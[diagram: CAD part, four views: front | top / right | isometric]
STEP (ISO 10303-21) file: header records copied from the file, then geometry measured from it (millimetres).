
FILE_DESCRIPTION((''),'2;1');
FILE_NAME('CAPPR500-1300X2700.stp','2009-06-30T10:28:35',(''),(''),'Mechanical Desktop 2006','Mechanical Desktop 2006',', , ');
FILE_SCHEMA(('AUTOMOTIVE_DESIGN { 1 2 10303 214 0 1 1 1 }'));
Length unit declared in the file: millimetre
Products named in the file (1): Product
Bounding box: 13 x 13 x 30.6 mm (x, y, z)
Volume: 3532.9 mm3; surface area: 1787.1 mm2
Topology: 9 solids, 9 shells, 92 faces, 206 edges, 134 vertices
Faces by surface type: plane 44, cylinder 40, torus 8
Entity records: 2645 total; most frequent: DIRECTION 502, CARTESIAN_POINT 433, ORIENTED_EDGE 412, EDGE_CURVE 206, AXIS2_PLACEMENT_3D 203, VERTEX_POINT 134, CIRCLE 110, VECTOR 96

--------------------

▶ [Exercise description]
A word-for-word copy of the data above is the goal, so set it all down again.

▶ [Result of the task]
[diagram: CAD part, four views: front | top / right | isometric]
STEP (ISO 10303-21) file: header records copied from the file, then geometry measured from it (millimetres).
FILE_DESCRIPTION((''),'2;1');
FILE_NAME('CAPPR500-1300X2700.stp','2009-06-30T10:28:35',(''),(''),'Mechanical Desktop 2006','Mechanical Desktop 2006',', , ');
FILE_SCHEMA(('AUTOMOTIVE_DESIGN { 1 2 10303 214 0 1 1 1 }'));
Length unit declared in the file: millimetre
Products named in the file (1): Product
Bounding box: 13 x 13 x 30.6 mm (x, y, z)
Volume: 3532.9 mm3; surface area: 1787.1 mm2
Topology: 9 solids, 9 shells, 92 faces, 206 edges, 134 vertices
Faces by surface type: plane 44, cylinder 40, torus 8
Entity records: 2645 total; most frequent: DIRECTION 502, CARTESIAN_POINT 433, ORIENTED_EDGE 412, EDGE_CURVE 206, AXIS2_PLACEMENT_3D 203, VERTEX_POINT 134, CIRCLE 110, VECTOR 96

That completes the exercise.